Bürgerstunde mit Trump CNN muss viel Prügel einstecken

Oliver Kohlmaier

11.5.2023

Ex-Präsident Donald Trump hatte einen einstündigen Live-Auftritt bei CNN — seine Berater sind aus dem Häuschen.
Ex-Präsident Donald Trump hatte einen einstündigen Live-Auftritt bei CNN — seine Berater sind aus dem Häuschen.
Charles Krupa/AP/dpa

Einmal mehr kann Donald Trump eine Lügenshow im Fernsehen abziehen — ausgerechnet bei CNN. Der US-Sender sieht sich vernichtender Kritik ausgesetzt, Trump-Berater hingegen sind begeistert.

Oliver Kohlmaier

Keine Zeit? blue News fasst für dich zusammen

  • Der ehemalige US-Präsident Donald Trump hatte seinen ersten Live-Auftritt bei CNN seit sieben Jahren.
  • Während der Sendung  wiederholt er mehrere seiner Lügen, beleidigte zudem die Moderatorin.
  • Der als liberal geltende TV-Sender muss heftige Kritik einstecken.

Die Sendung hat kaum begonnen, als Trump das erste Mal lügt.

Der Ex-Präsident bezeichnet die verlorene Wahl gegen Joe Biden abermals als manipuliert. Er wird es im Laufe der CNN-Sendung am Mittwoch noch ein weiteres Mal behaupten, und schliesslich noch einmal.

«Sie können das nicht den ganzen Abend lang sagen», versucht Moderatorin Kaitlan Collins zu berichtigen.

Kann er doch. Denn Trumps erster Live-Auftritt bei CNN seit sieben Jahren lief so ab, wie jeder Trump-Auftritt abläuft.

Beim sogenannten Townhall-Meeting (etwa: Bürgerstunde) in New Hampshire konnte selbst die talentierte und hartnäckige Journalistin Collins schlicht nicht mithalten. «Live-Lügen funktionieren», kommentierte dazu TV-Veteran Mark Lukasiewicz.

CNN-Journalistin Kaitlan Collins bim «Townhall-Meeting» mit Ex-Präsident Donald Trump.
CNN-Journalistin Kaitlan Collins bim «Townhall-Meeting» mit Ex-Präsident Donald Trump.
Screenshot YouTube / CNN

Die Reaktionen waren insgesamt verheerend. Jedoch nicht wegen Donald Trump.
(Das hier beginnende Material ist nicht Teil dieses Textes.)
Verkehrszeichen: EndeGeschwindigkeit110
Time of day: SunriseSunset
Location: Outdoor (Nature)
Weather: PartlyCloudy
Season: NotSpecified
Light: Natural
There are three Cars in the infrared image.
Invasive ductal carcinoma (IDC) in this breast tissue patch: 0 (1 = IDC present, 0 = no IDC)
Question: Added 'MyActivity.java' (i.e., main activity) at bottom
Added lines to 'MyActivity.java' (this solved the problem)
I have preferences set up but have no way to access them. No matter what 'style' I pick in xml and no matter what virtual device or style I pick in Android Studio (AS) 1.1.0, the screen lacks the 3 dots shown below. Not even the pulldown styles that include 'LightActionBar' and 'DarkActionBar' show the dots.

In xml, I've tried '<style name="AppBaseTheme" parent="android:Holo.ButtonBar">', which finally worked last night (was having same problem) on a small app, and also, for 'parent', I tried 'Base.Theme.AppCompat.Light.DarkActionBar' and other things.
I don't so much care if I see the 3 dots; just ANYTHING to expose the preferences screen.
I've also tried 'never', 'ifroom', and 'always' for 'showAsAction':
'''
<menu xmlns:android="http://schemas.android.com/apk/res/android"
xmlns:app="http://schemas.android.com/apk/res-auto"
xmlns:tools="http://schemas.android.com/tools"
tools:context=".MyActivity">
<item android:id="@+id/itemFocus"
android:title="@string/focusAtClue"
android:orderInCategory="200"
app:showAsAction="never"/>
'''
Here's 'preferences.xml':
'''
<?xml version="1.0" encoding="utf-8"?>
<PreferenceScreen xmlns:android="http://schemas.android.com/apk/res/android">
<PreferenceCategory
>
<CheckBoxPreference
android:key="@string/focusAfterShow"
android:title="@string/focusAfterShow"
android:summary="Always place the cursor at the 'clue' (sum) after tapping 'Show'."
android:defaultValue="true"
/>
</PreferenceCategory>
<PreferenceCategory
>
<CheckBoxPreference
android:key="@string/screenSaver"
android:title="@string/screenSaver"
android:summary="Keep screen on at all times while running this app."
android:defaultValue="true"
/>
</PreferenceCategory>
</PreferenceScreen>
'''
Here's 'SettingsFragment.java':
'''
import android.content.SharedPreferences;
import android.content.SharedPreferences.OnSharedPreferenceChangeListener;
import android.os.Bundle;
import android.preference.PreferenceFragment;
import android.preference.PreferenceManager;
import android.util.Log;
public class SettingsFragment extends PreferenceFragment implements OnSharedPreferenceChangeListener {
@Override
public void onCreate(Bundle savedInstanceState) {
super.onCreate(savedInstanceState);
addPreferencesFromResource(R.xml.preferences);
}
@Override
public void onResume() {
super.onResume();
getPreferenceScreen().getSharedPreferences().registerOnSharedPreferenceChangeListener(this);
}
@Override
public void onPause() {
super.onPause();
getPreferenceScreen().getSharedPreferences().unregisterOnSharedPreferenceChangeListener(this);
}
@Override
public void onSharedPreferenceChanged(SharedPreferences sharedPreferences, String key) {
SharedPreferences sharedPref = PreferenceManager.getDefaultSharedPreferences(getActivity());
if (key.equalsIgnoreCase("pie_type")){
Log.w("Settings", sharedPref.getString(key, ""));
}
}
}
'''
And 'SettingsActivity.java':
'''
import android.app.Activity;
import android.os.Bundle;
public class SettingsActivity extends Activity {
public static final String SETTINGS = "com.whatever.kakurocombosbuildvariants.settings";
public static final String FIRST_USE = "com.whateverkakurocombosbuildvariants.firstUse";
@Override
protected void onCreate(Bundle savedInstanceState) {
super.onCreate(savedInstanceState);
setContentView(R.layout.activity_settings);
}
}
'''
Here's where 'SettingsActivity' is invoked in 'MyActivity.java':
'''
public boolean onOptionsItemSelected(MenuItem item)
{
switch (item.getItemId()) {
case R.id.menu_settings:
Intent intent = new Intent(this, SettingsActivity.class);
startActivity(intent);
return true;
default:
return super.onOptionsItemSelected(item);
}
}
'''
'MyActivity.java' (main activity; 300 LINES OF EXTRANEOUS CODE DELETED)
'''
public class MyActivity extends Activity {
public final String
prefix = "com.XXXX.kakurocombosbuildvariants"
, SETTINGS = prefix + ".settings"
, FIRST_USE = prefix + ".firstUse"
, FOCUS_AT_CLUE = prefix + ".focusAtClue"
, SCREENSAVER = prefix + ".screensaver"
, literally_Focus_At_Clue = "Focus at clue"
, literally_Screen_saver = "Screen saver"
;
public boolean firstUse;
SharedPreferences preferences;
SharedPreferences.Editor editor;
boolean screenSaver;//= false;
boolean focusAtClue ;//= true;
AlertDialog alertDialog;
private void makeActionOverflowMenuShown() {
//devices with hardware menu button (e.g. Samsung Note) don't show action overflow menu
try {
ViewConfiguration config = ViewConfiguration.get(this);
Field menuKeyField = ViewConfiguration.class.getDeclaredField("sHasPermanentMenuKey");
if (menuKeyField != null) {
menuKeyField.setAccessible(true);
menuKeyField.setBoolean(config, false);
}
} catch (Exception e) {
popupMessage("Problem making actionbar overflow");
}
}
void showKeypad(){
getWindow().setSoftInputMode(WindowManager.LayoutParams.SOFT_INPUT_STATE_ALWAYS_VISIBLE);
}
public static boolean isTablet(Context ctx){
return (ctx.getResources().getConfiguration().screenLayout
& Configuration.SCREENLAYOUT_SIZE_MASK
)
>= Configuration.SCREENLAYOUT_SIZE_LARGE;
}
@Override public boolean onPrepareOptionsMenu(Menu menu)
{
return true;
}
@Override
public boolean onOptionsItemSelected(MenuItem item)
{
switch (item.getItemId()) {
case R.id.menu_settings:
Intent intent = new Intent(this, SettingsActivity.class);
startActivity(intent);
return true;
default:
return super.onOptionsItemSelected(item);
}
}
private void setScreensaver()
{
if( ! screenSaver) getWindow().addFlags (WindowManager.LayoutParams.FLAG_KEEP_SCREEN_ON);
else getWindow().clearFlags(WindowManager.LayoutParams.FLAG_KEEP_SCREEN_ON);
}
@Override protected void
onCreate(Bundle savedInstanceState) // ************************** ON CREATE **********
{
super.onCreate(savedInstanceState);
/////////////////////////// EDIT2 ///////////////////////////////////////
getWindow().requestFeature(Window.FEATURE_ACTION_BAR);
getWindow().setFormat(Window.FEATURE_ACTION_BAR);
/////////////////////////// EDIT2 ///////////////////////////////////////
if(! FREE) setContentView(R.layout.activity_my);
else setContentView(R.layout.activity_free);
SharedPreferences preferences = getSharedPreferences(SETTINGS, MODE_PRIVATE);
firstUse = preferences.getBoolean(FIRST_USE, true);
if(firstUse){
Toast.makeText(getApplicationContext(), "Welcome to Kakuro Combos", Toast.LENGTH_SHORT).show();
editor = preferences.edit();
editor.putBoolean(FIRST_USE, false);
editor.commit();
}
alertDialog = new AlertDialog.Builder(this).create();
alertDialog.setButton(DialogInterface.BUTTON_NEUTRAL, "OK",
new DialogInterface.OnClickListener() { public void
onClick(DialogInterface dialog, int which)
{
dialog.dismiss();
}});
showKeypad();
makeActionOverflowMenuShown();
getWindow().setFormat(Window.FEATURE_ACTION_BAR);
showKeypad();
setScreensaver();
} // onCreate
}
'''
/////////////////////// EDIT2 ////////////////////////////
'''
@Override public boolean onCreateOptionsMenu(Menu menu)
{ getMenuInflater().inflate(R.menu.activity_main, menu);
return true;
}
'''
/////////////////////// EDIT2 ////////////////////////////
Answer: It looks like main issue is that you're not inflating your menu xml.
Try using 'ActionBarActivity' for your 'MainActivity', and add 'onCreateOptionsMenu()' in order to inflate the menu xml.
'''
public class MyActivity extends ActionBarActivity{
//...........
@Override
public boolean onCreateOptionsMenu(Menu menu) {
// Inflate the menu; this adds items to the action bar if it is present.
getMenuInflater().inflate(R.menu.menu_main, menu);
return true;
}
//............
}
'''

Der spielte einfach die Klassiker ab, wie eine Band bei ihrer letzten Tour.

Der liberal gesinnte US-Sender muss hingegen vernichtende Kritik einstecken.

Zur Erinnerung: CNN ist jener US-Nachrichtensender, dessen Führungsebene einst selbst damit haderte, Trump im Vorfeld der Wahlen 2016 eine unverhältnismässig grosse Bühne gegeben zu haben. Jetzt steht der Sender mit dem neuen Chef Chris Licht im Kreuzfeuer der Kritik — aus demselben Grund.

Dass Trump den Sender zigfach als «Fake News» bezeichnet hat? Geschenkt. Die Berater des Ex-Präsidenten nahmen die Einladung dankend an.

Verbal überrannt

CNN hatte eine ihrer besten Journalistinnen nach New Hampshire geschickt — aber die 31-jährige Kaitlan Collins wurde von Trump verbal überrannt. Die ehemalige Korrespondentin im Weissen Haus hatte kaum eine Falschbehauptung des Ex-Präsidenten korrigiert, als dieser schon die nächste platzierte.

Ein Beispiel: Trump durfte letztlich unwidersprochen behaupten, die Demokratische Partei wolle Abtreibung «im neunten Monat oder nach der Geburt» erlauben.

CNNs Bill Carter schrieb auf Twitter: «Es ist, als ob man dem betrunken Onkel ein Mikrofon gibt und sagt: Hau raus!»

Irgendwann hatte Trump trotzdem genug davon, gelegentlich korrigiert zu werden, und nannte Collins eine «fiese Person». Das Publikum lachte.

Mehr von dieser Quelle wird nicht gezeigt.